You can see laion/CLIP-ViT-bigG-14-laion2B-39B-b160k was using as tokenizer_2 and the config of text_encoder_2. Now step into function convert_open_clip_checkpoint we can see how dimension is calculated:

    if prefix + "text_projection" in checkpoint:
        d_model = int(checkpoint[prefix + "text_projection"].shape[0])
    else:
        d_model = 1024

Here is why the 1024 came. It turns out that playground-v2.safetensors only have the key text_projection.weight so the model can be loaded when the code modified into:

if prefix + "text_projection" in checkpoint:
        d_model = int(checkpoint[prefix + "text_projection"].shape[0])
elif prefix + "text_projection.weight" in checkpoint:
        d_model = int(checkpoint[prefix + "text_projection.weight"].shape[0])
else:
        d_model = 1024

Other changes are also required to mapping text_projection.weight with text_projection. I just curious if this is an common issue. It seems like using different version of conversion script to convert diffuser format to A1111 format(single file) will cause this issue. Let me know if this issue worth a PR to improve compatibility

DN6 commented 10 months ago

Hi @Dalanke. When I try to load the single file checkpoint from the playground model repo I don't see any issues and the projection dimension is set correctly.

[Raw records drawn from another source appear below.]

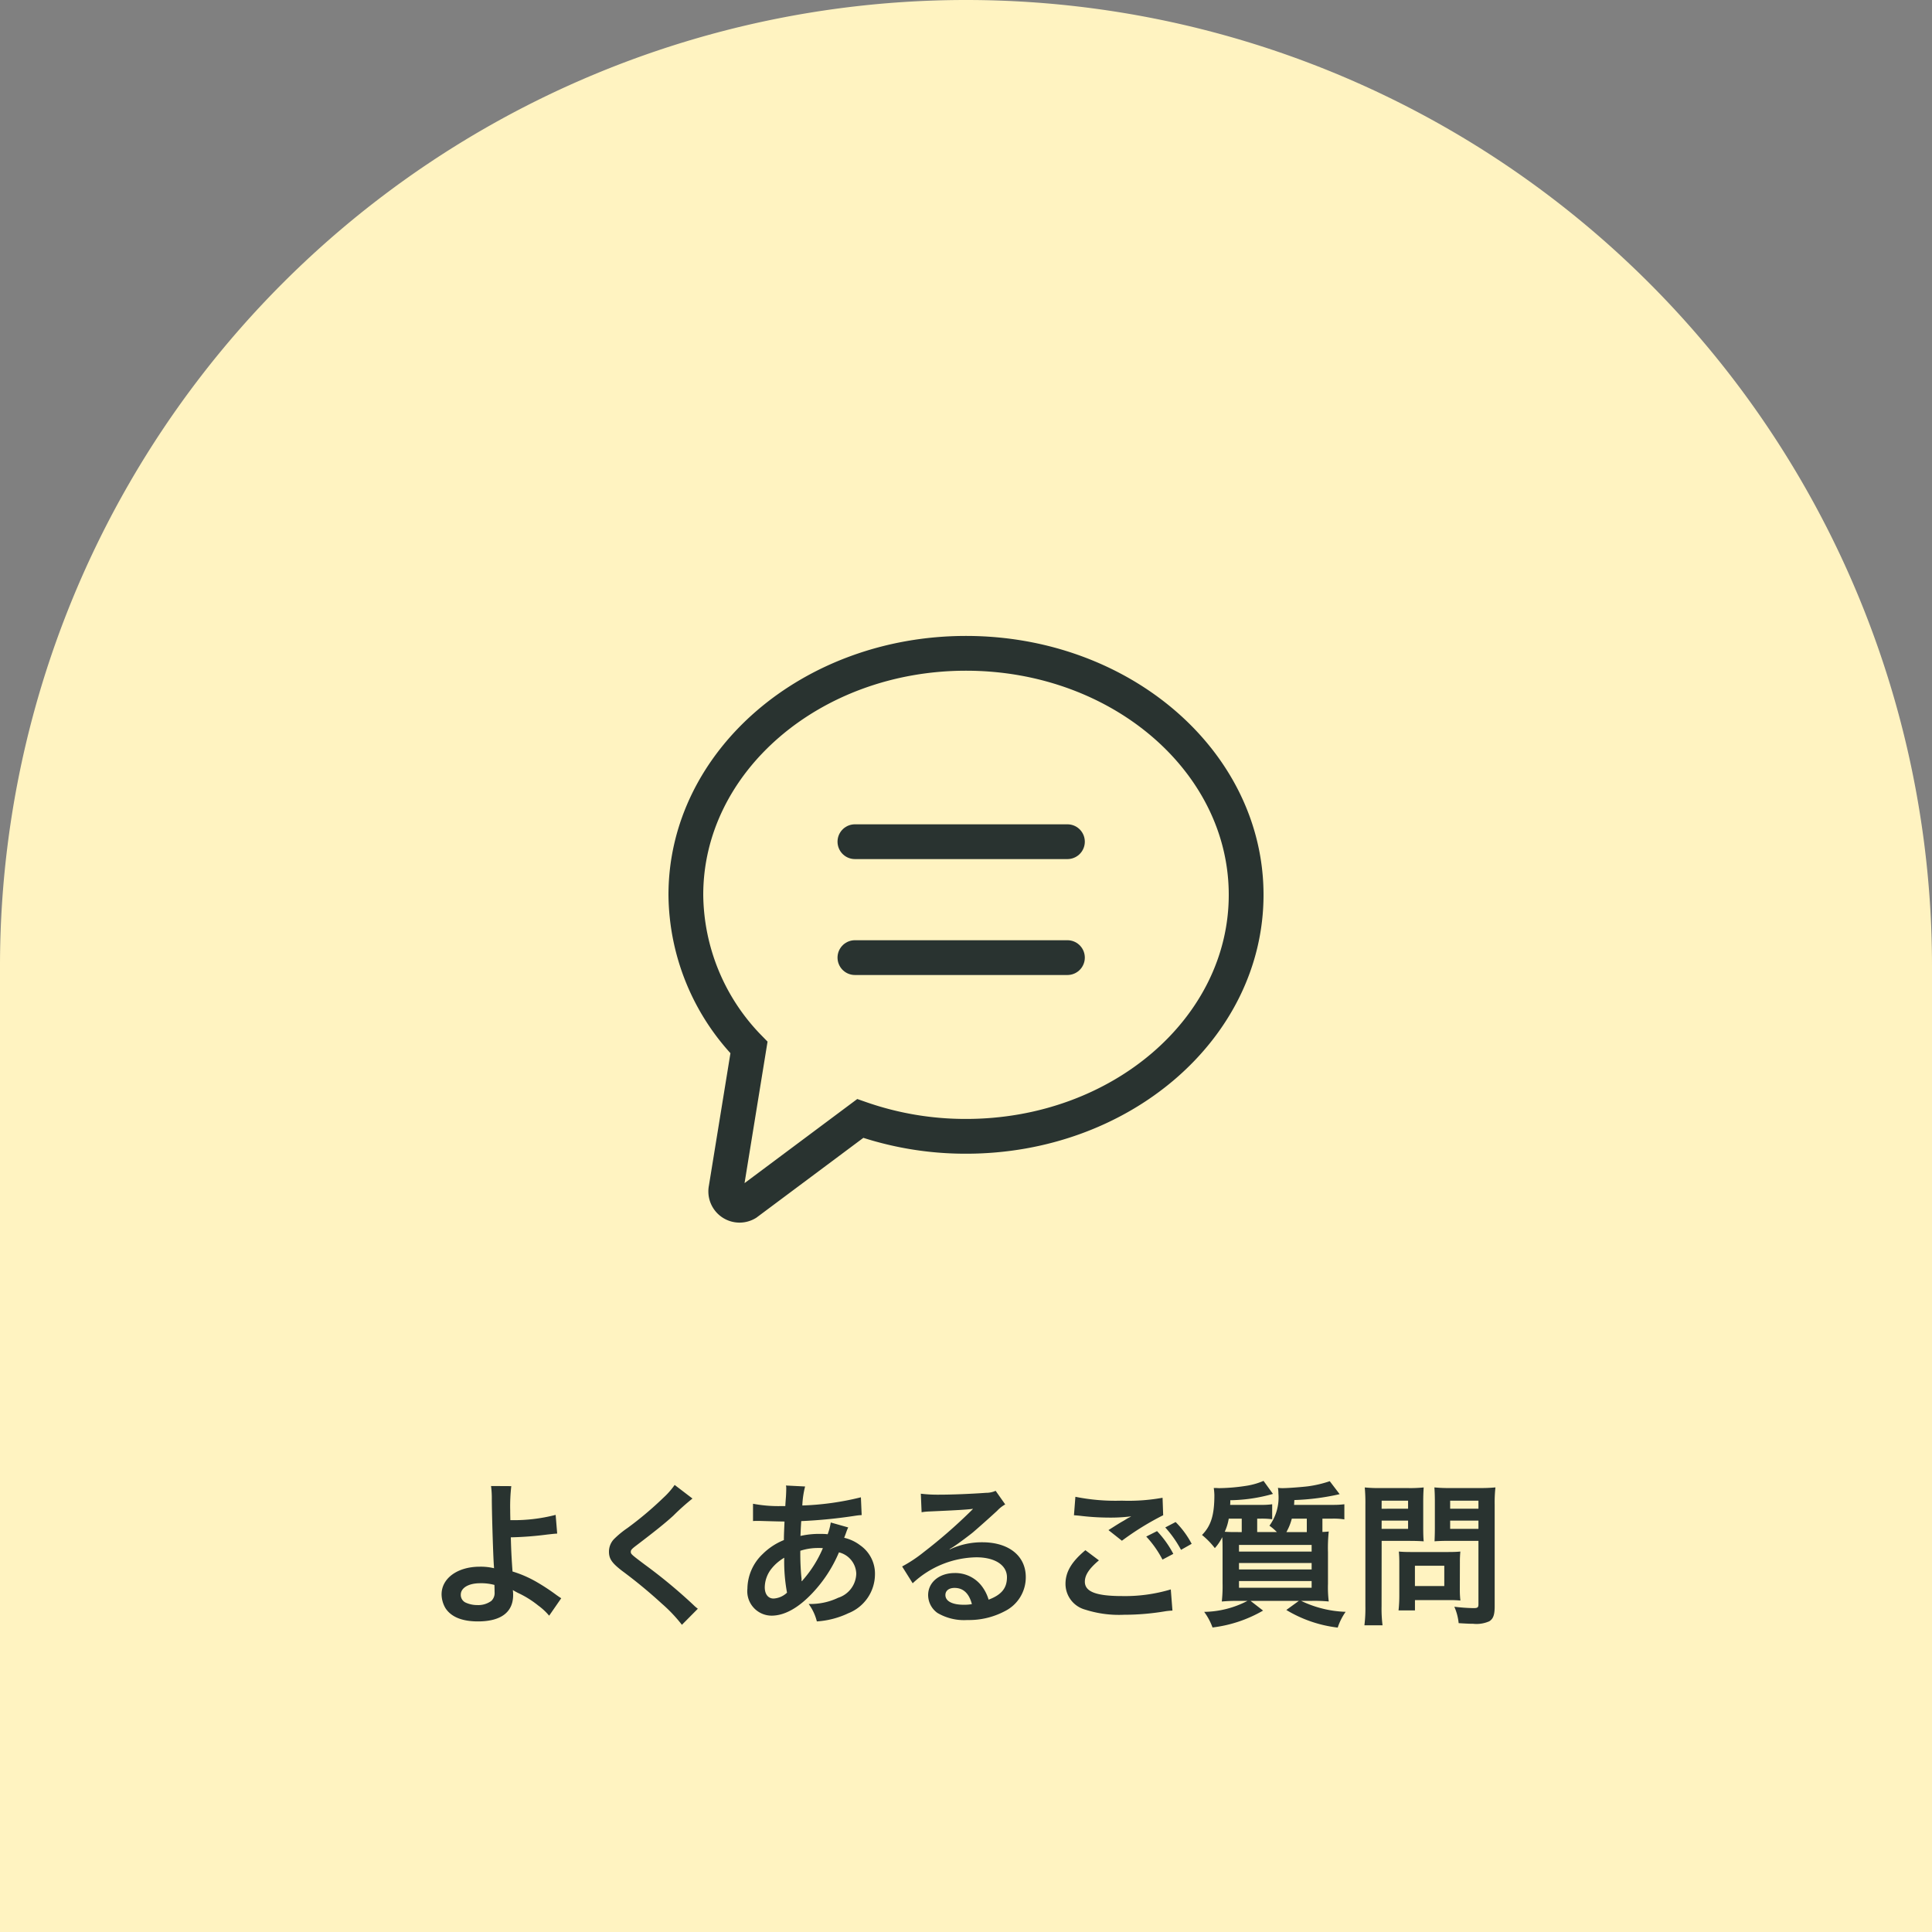 <svg xmlns="http://www.w3.org/2000/svg" width="200" height="200" viewBox="0 0 200 200">
  <rect x="0" y="0" width="200" height="200" fill="#808080" stroke="none"/>
  <g id="グループ_293" data-name="グループ 293" transform="translate(-612 -12697.368)">
    <path id="長方形_45" data-name="長方形 45" d="M100,0h0A100,100,0,0,1,200,100V200a0,0,0,0,1,0,0H0a0,0,0,0,1,0,0V100A100,100,0,0,1,100,0Z" transform="translate(612 12697.368)" fill="#fff3c1"/>
    <path id="パス_678" data-name="パス 678" d="M6.832-13.168a9.443,9.443,0,0,1,.08,1.408c.016,2,.16,6.368.224,6.944a.359.359,0,0,0,.016.16,5.917,5.917,0,0,0-1.488-.16c-2.3,0-3.952,1.2-3.952,2.864a2.885,2.885,0,0,0,.4,1.424C2.7.384,3.84.848,5.472.848,7.856.848,9.12-.1,9.12-1.888A3.726,3.726,0,0,0,9.088-2.4c.176.112.3.176.512.288A10.074,10.074,0,0,1,11.712-.8,6.308,6.308,0,0,1,12.848.256L14.1-1.552c-.192-.112-.272-.176-.48-.32a21.526,21.526,0,0,0-2.064-1.36,11.814,11.814,0,0,0-2.5-1.088c-.112-1.568-.144-2.288-.176-3.536a34.5,34.5,0,0,0,3.76-.288c.72-.08.72-.08,1.04-.1l-.16-1.936a17.3,17.3,0,0,1-4.688.544c-.016-.768-.016-.816-.016-1.04a18.208,18.208,0,0,1,.112-2.48Zm.352,10.24c0,.016.016.464.016.752a1.124,1.124,0,0,1-.336.9,2.287,2.287,0,0,1-1.456.432,2.862,2.862,0,0,1-1.168-.24A.874.874,0,0,1,3.7-1.92c0-.7.8-1.184,2-1.184A5.193,5.193,0,0,1,7.184-2.928ZM25.84-13.28a7.932,7.932,0,0,1-1.168,1.328,35.862,35.862,0,0,1-3.7,3.12A9.811,9.811,0,0,0,19.568-7.68a1.869,1.869,0,0,0-.528,1.3c0,.736.288,1.168,1.344,1.984A50.748,50.748,0,0,1,24.512-.992,15.455,15.455,0,0,1,26.592,1.2L28.24-.464a3.989,3.989,0,0,1-.464-.4,53.781,53.781,0,0,0-5.04-4.176C21.328-6.1,21.3-6.128,21.3-6.368c0-.176.112-.3.608-.672,1.872-1.424,2.992-2.32,3.808-3.072a24.408,24.408,0,0,1,1.968-1.76ZM42-9.392a6,6,0,0,1-.32,1.216,4.531,4.531,0,0,0-.608-.032A8.853,8.853,0,0,0,38.864-8c.016-.336.032-.848.08-1.536a51.331,51.331,0,0,0,5.632-.56c.336-.048.4-.048.624-.064L45.12-12a28.994,28.994,0,0,1-6.064.848,9.419,9.419,0,0,1,.288-1.968l-1.984-.1a.9.9,0,0,1,.032.256c0,.3-.016.7-.032.912-.048.64-.048.64-.064.96h-.352a14.155,14.155,0,0,1-2.992-.24v1.792c.176-.016.32-.016.368-.016h.3c1.552.048,2.416.064,2.592.064-.032.768-.064,1.408-.064,1.92a6.613,6.613,0,0,0-2.192,1.44,5.026,5.026,0,0,0-1.584,3.584,2.527,2.527,0,0,0,2.5,2.8c1.328,0,2.752-.784,4.192-2.3A14.121,14.121,0,0,0,42.848-6.3,2.347,2.347,0,0,1,44.64-4.1a2.687,2.687,0,0,1-1.872,2.5,6.634,6.634,0,0,1-3.056.64A5.154,5.154,0,0,1,40.56.848,8.912,8.912,0,0,0,43.824,0a4.349,4.349,0,0,0,2.752-4,3.57,3.57,0,0,0-1.52-3.024,4.308,4.308,0,0,0-1.664-.784c.048-.144.064-.16.224-.608a3.7,3.7,0,0,1,.192-.464ZM37.184-5.744a17.55,17.55,0,0,0,.288,3.616,2.2,2.2,0,0,1-1.392.608c-.56,0-.912-.448-.912-1.168a3.172,3.172,0,0,1,.72-1.952A4.759,4.759,0,0,1,37.184-5.744Zm1.808,2.416a.656.656,0,0,1-.016-.176.845.845,0,0,0-.016-.208,26.606,26.606,0,0,1-.112-2.752,5.878,5.878,0,0,1,1.92-.288,3.757,3.757,0,0,1,.416.016,12.173,12.173,0,0,1-1.984,3.2,1.477,1.477,0,0,0-.176.224ZM54.3-6.64a6.28,6.28,0,0,0,.656-.416c.32-.208,1.472-1.072,1.76-1.312.544-.464,1.712-1.5,2.512-2.24a3.43,3.43,0,0,1,.832-.656l-.992-1.408a2.358,2.358,0,0,1-.992.208c-1.552.112-3.5.192-4.864.192a14.47,14.47,0,0,1-1.888-.1l.08,1.92a5.4,5.4,0,0,1,.768-.08c2.9-.128,3.92-.192,4.528-.272l.016.016-.288.288a53.424,53.424,0,0,1-4.784,4.16,14.389,14.389,0,0,1-2.256,1.5L50.48-3.1a9.858,9.858,0,0,1,6.592-2.688c1.936,0,3.168.816,3.168,2.064,0,1.136-.576,1.824-1.9,2.32a4.3,4.3,0,0,0-.736-1.44A3.444,3.444,0,0,0,54.832-4.16c-1.6,0-2.752.96-2.752,2.288a2.284,2.284,0,0,0,.96,1.84,5.413,5.413,0,0,0,3.1.736,7.916,7.916,0,0,0,3.872-.912,3.91,3.91,0,0,0,2.176-3.536c0-2.192-1.76-3.6-4.5-3.6a7.81,7.81,0,0,0-3.36.736Zm2.3,5.7a4.331,4.331,0,0,1-.832.064c-1.184,0-1.9-.368-1.9-1.008,0-.448.368-.736.944-.736C55.712-2.624,56.32-2.048,56.608-.944Zm10.576-9.2c.112,0,.192.016.224.016.064,0,.176.016.368.032A25.228,25.228,0,0,0,70.7-9.9a17.056,17.056,0,0,0,2.4-.128,2.9,2.9,0,0,1-.352.192c-.208.128-.256.16-.416.256-.4.224-.576.336-1.584.976l1.392,1.1a28.974,28.974,0,0,1,4.272-2.64l-.064-1.808a19.842,19.842,0,0,1-4.224.3,20.985,20.985,0,0,1-4.8-.4Zm1.184,3.616C66.928-5.328,66.3-4.272,66.3-3.04A2.762,2.762,0,0,0,68.352-.368a11.445,11.445,0,0,0,4,.528,25.819,25.819,0,0,0,4.32-.368,6.717,6.717,0,0,1,.7-.064L77.2-2.464a16.477,16.477,0,0,1-5.024.688c-2.7,0-3.872-.448-3.872-1.488,0-.688.448-1.36,1.456-2.208ZM79.36-7.184A9.253,9.253,0,0,0,77.7-9.44l-1.072.56a11.788,11.788,0,0,1,1.632,2.32Zm-4.7-.752a10.8,10.8,0,0,1,1.68,2.384l1.12-.592A10.369,10.369,0,0,0,75.776-8.5Zm15.3-3.28c.016-.128.016-.256.032-.5a24.494,24.494,0,0,0,4.688-.608l-1.024-1.344a11.768,11.768,0,0,1-2.24.528c-.624.08-2.1.192-2.624.192a3.347,3.347,0,0,1-.5-.032,3.5,3.5,0,0,1,.048.576,4.965,4.965,0,0,1-.928,3.344,5.766,5.766,0,0,1,.768.656H86.144V-9.792h.416a8.072,8.072,0,0,1,1.136.064V-11.28a7.569,7.569,0,0,1-1.168.064H83.344a4.2,4.2,0,0,0,.016-.48,16.986,16.986,0,0,0,4.416-.656L86.8-13.7a7.237,7.237,0,0,1-1.6.48,19.564,19.564,0,0,1-2.96.272c-.032,0-.16,0-.32-.016h-.272a6.248,6.248,0,0,1,.064.736c0,2.08-.352,3.184-1.28,4.128a8.25,8.25,0,0,1,1.328,1.36,4.838,4.838,0,0,0,.768-1.136c.032.56.032.784.032,1.552V-3.1a14.221,14.221,0,0,1-.08,1.888,16.75,16.75,0,0,1,1.728-.064h.928a9.972,9.972,0,0,1-4.48,1.136,6.383,6.383,0,0,1,.864,1.616A13.678,13.678,0,0,0,86.752-.272l-1.3-1.008h5.008l-1.3.944A13.288,13.288,0,0,0,94.48,1.488,6.13,6.13,0,0,1,95.3-.144,11.483,11.483,0,0,1,90.688-1.28H91.84a16.023,16.023,0,0,1,1.712.064,11.92,11.92,0,0,1-.08-1.824V-6.3a16.3,16.3,0,0,1,.08-2.16c-.272.032-.32.032-.656.048V-9.792h1.056a7.046,7.046,0,0,1,1.216.08V-11.28a9.252,9.252,0,0,1-1.232.064ZM91.28-9.792V-8.4H89.168a5.752,5.752,0,0,0,.56-1.392ZM84.16-8.4c-.576,0-.848,0-1.376-.032a5.269,5.269,0,0,0,.416-1.36h1.344V-8.4Zm.1,1.328h7.52v.688h-7.52Zm0,1.872h7.52v.672h-7.52Zm0,1.872h7.52v.688h-7.52Zm14.768-4.16h2.88c.528,0,1.088.016,1.472.048-.032-.352-.048-.72-.048-1.44v-2.64c0-.624.016-.992.048-1.5a13.519,13.519,0,0,1-1.632.064H98.912a14.946,14.946,0,0,1-1.632-.064,17.887,17.887,0,0,1,.064,1.808V-.736a14.3,14.3,0,0,1-.1,1.984H99.12a13.723,13.723,0,0,1-.1-1.968Zm0-4.16h2.736v.832H99.024Zm0,2.064h2.736v.848H99.024Zm11.7-1.648a14.088,14.088,0,0,1,.08-1.792,15.271,15.271,0,0,1-1.648.064h-3.04a14.4,14.4,0,0,1-1.632-.064c.032.464.048.9.048,1.5v2.64c0,.688-.016,1.008-.032,1.44.352-.032.928-.048,1.456-.048h3.088V-.944c0,.352-.08.416-.528.416a18.688,18.688,0,0,1-1.968-.144,5.586,5.586,0,0,1,.448,1.7c1.056.064,1.232.064,1.488.064a3.263,3.263,0,0,0,1.68-.256c.416-.256.56-.672.56-1.552Zm-4.608-.416h2.928v.832h-2.928Zm0,2.064h2.928v.848h-2.928Zm1.008,4.3a10.557,10.557,0,0,1,.048-1.1c-.336.032-.736.048-1.232.048h-3.952c-.464,0-.832-.016-1.184-.048.032.336.048.688.048,1.12V-1.84a14.258,14.258,0,0,1-.08,1.552h1.7V-1.36h3.568c.464,0,.8.016,1.136.048A10.019,10.019,0,0,1,107.12-2.4Zm-4.656.368h3.04v2.1h-3.04Z" transform="translate(656 12864.368)" fill="#293330"/>
    <g id="_レイヤー_1-2" transform="translate(681.2 12763.2)">
      <g id="faq">
        <path id="パス_239" data-name="パス 239" d="M30.8,1.8c-16.016,0-29,11.193-29,25A22.9,22.9,0,0,0,8.334,42.605L5.958,57.218a1.429,1.429,0,0,0,2.127,1.516l11.768-8.782A32.973,32.973,0,0,0,30.8,51.8c16.016,0,29-11.193,29-25S46.816,1.8,30.8,1.8Z" fill="none" stroke="#293330" stroke-miterlimit="10" stroke-width="3.6"/>
        <line id="線_16" data-name="線 16" x2="22" transform="translate(19.3 21.3)" fill="none" stroke="#293330" stroke-linecap="round" stroke-miterlimit="10" stroke-width="3.6"/>
        <line id="線_17" data-name="線 17" x2="22" transform="translate(19.3 33.3)" fill="none" stroke="#293330" stroke-linecap="round" stroke-miterlimit="10" stroke-width="3.6"/>
      </g>
    </g>
  </g>
</svg>

Is the checkpoint you're using from the conversion script?

Dalanke commented 10 months ago

Hi @DN6. I am sorry to provide an incorrect link. I just noticed there is an update on the repo. I use this checkpoint at commit 0c295353e4624ad342488444b84bd59251383fd0. Checkpoint SHA256=a8f32f89aaa2f1194e87fb0320997a765062426ebfccfb3d83d796fbd1a066ff

DN6 commented 10 months ago

Hi @Dalanke any particular reason to use that checkpoint revision? The latest revision seems to work fine with single file?

Dalanke commented 10 months ago

Hi @DN6. I just downloaded it before this checkpoint got updated. The latest revision is a perfect solution for me now. I am wondering if anything goes wrong as I see #5219 complained the same thing. Maybe some breaking changes in conversion scripts lead to this compatibility issue.

DN6 commented 10 months ago

Will take a look into the conversion script. But just checking if we can close this issue?

Dalanke commented 10 months ago

Let's close this issue for now and reopen it if necessary.